Warto wyjaśnić, ze ognisko pryszczycy w Niemczech stwierdzono w stadzie... bawołów. W gospodarstwie hodowano zwierzęta hobbystycznie. Służby starają się wyjaśnić, czy pryszczycę kupiono w "pakiecie" wraz ze zwierzętami, które mogły pochodzić z krajów azjatyckich lub z Turcji, czy może stado w Brandenburgii zaraziło się od dzikich zwierząt już na miejscu - w Niemczech. Możliwe jest także zawleczenie pryszczycy z paszą.
Pewne jest jedno - w razie zawleczenia choroby i jej rozprzestrzenienia, konieczna będzie utylizacja całych stad i wypłata odszkodowań hodowcom (odszkodowania i tak nie pokryją rzeczywistych strat czy tzw. utraty podziewanych korzyści). Krótko mówiąc - pryszczyca jest zagrożeniem dla całej branży mięsnej - od hodowców, przez przetwórców po sprzedawców.

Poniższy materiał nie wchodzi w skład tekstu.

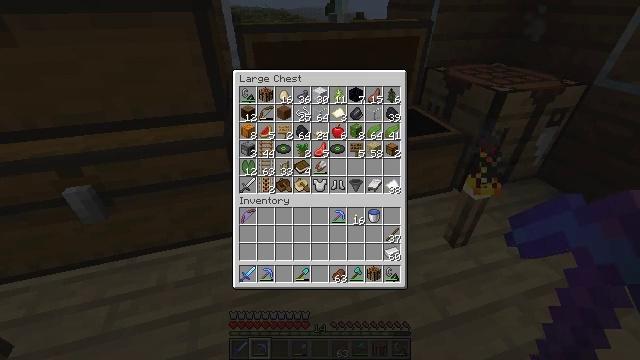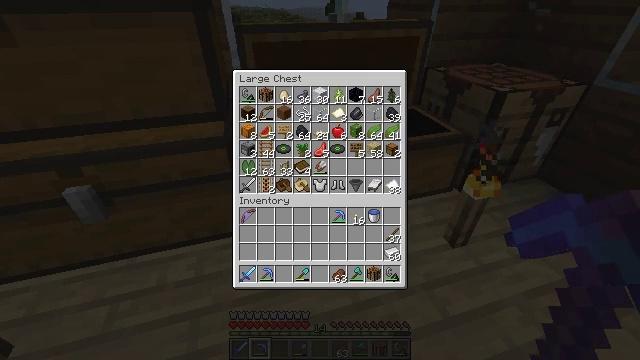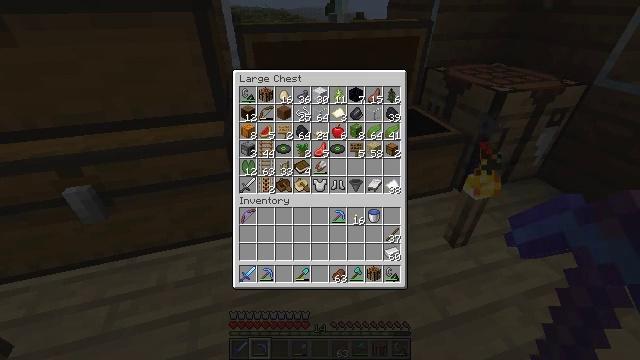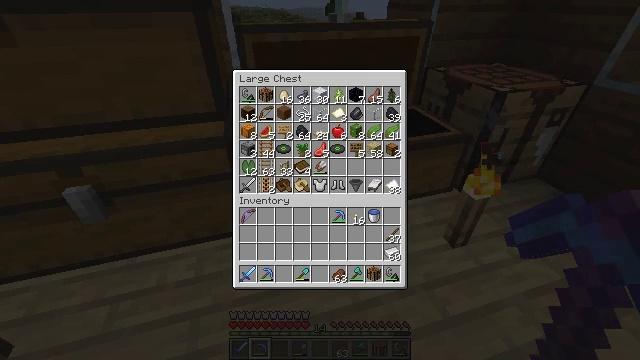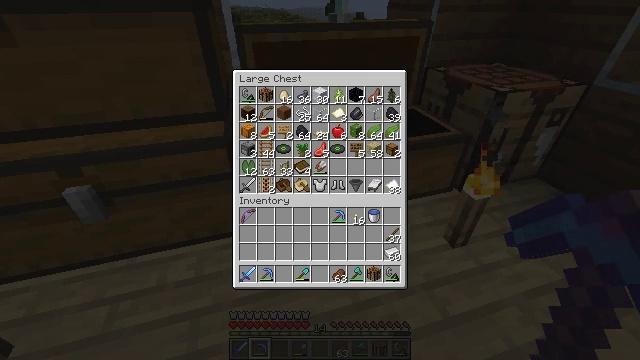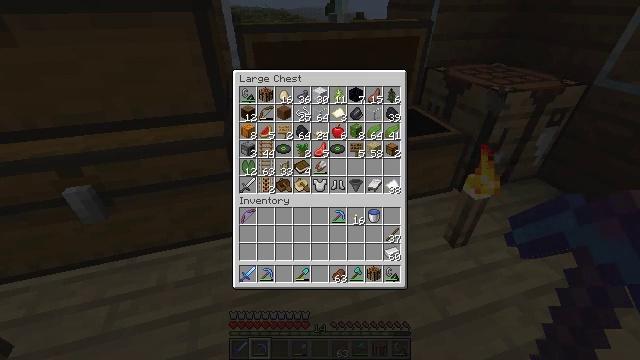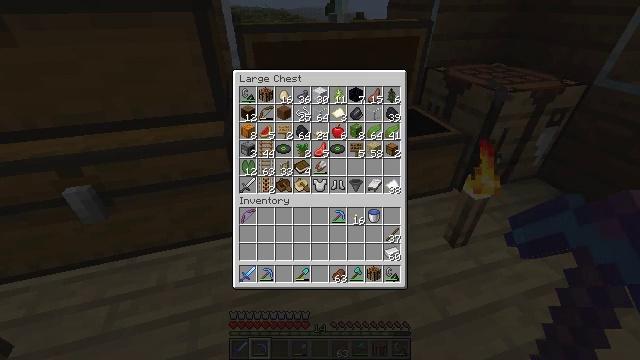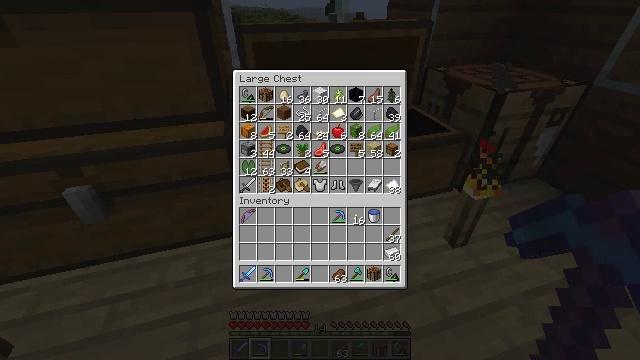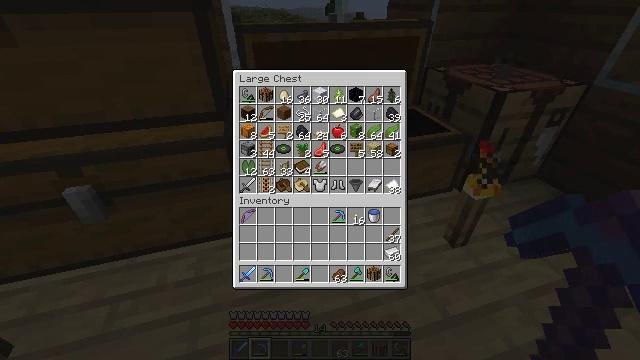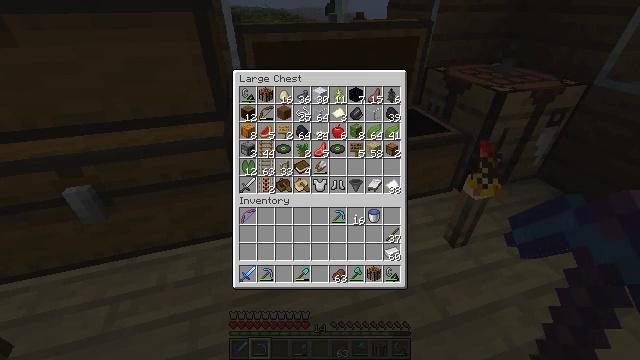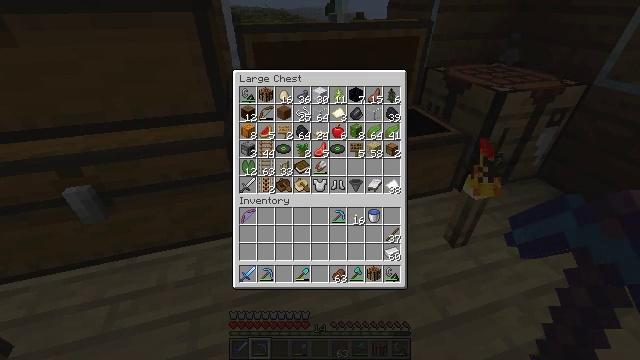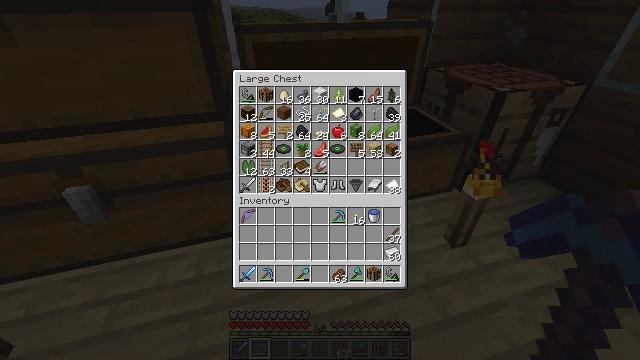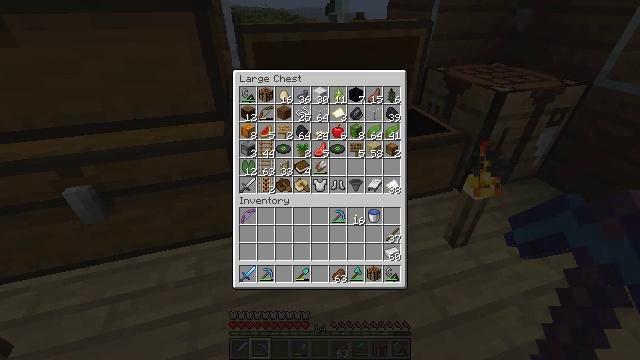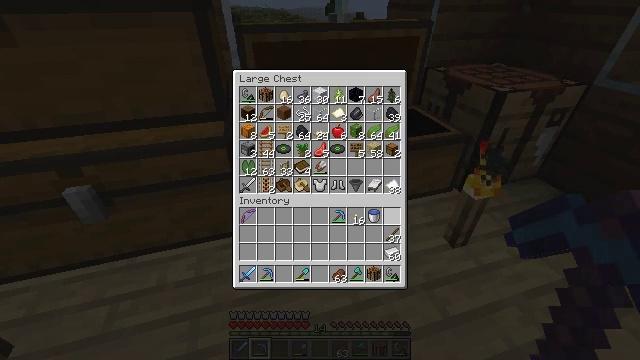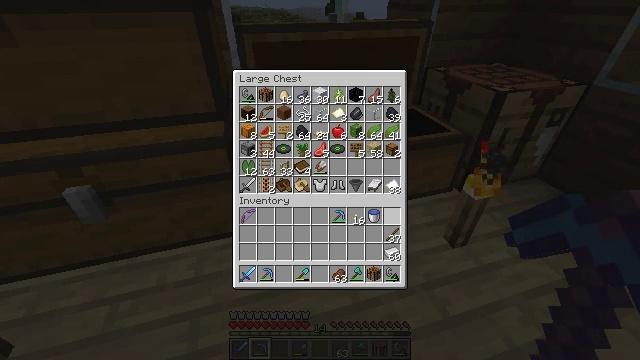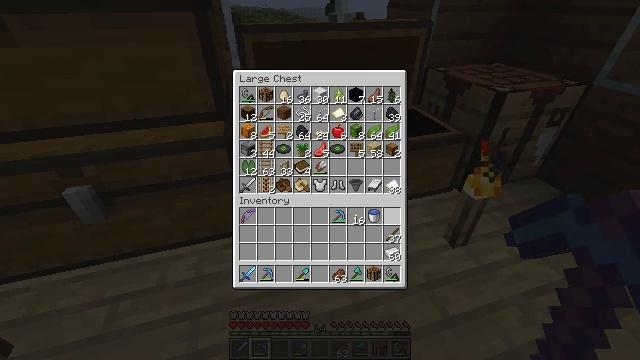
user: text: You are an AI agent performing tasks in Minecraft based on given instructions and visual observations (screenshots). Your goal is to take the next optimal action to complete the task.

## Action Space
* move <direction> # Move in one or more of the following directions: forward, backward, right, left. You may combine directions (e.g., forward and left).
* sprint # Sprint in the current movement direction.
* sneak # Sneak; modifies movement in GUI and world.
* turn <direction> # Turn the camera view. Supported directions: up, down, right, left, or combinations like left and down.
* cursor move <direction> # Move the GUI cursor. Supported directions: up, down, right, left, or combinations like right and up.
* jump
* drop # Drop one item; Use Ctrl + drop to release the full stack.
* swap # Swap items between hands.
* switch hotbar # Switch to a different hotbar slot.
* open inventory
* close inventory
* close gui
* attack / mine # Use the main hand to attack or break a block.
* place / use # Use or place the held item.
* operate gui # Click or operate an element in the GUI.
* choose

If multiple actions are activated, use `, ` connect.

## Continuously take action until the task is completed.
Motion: motion action
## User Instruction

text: Hunt animals.
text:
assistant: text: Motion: no_op
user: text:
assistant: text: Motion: no_op
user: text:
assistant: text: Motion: no_op
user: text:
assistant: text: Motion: no_op
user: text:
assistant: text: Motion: no_op
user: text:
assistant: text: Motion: turn down
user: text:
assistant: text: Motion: turn down
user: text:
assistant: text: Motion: no_op
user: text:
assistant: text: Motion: turn down
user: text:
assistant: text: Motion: turn left and down
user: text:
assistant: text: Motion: turn left and down
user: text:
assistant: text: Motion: no_op
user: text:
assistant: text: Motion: no_op
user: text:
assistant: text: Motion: no_op
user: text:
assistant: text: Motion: no_op
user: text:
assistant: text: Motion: no_op
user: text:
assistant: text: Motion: no_op
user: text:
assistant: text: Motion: no_op
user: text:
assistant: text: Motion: no_op
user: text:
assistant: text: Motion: no_op
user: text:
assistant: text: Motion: turn left and up
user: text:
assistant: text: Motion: turn up
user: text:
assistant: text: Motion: turn up
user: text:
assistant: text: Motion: turn up
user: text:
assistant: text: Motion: turn up
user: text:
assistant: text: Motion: turn up
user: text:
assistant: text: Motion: turn up
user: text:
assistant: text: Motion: no_op
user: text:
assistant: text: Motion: no_op
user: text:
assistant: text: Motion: no_op

"Na ten moment zdecydowanie nie możemy powiedzieć, że zalewa nas wieprzowina z Niemiec. Transport w Brandenburgii, czyli rejonie wystąpienia pryszczycy, jest praktycznie zatrzymany. Nie ma tam praktycznie jakiegokolwiek przemieszczenia zwierząt. Wszystko jest na bieżąco kontrolowane" - gasi emocje cytowany wcześniej Tomasz Parzybut - szef Stowarzyszenia Rzeźników i Wędliniarzy RP. Ekspert tłumaczy w rozmowie ze Strefą Biznesu, że takie kraje jak Wielka Brytania wstrzymała jakiekolwiek transporty z choćby z najmniejszą domieszką mięsa z Niemiec (przyjmuje za to duże ilości mięsa i przetworów z Polski). Zakazy wprowadzają również kraje azjatyckie - Korea Południowa zamyka się całkowicie na mięso z Niemiec.

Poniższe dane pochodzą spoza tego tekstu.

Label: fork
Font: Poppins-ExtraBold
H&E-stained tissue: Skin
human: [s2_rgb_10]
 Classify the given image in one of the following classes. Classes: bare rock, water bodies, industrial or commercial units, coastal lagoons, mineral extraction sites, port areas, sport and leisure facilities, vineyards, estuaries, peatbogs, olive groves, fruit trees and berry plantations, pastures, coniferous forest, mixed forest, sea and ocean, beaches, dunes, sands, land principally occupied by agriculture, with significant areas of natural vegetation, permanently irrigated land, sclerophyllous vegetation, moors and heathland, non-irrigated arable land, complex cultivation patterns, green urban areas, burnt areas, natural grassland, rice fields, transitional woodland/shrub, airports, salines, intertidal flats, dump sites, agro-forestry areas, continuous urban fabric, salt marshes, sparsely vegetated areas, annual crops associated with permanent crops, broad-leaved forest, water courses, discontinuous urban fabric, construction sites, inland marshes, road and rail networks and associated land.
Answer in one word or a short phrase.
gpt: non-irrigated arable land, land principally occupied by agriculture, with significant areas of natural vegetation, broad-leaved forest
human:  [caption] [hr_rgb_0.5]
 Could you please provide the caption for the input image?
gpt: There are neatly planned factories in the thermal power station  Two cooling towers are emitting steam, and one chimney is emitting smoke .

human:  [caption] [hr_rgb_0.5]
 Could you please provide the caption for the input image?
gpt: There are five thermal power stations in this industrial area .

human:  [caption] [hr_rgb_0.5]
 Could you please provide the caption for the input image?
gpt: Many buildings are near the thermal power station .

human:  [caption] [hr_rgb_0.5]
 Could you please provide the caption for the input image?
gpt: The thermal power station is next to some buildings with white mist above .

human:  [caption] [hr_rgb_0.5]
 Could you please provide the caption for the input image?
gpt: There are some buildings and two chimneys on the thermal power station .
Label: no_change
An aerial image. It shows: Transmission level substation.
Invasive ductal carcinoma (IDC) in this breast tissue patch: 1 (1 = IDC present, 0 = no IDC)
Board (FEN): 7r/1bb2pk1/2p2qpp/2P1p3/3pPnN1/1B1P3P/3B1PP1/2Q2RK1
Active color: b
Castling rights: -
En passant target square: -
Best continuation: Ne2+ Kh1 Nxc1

Tomasz Parzybut zaznacza, że nie chciałby sugerować, iż możemy skorzystać na aktualnej sytuacji, jest to jednak szansa na znaczne zwiększenie eksportu do krajów, które absolutnie nie przyjmą niemieckich wyrobów, a będą mięsa potrzebować.
Warto dodać, że ostatni raz pryszczycę stwierdzono w Polsce w latach 70. ubiegłego wieku. W Europie pojawiała się jednak także w XXI wieku - między innymi w Bułgarii i Anglii.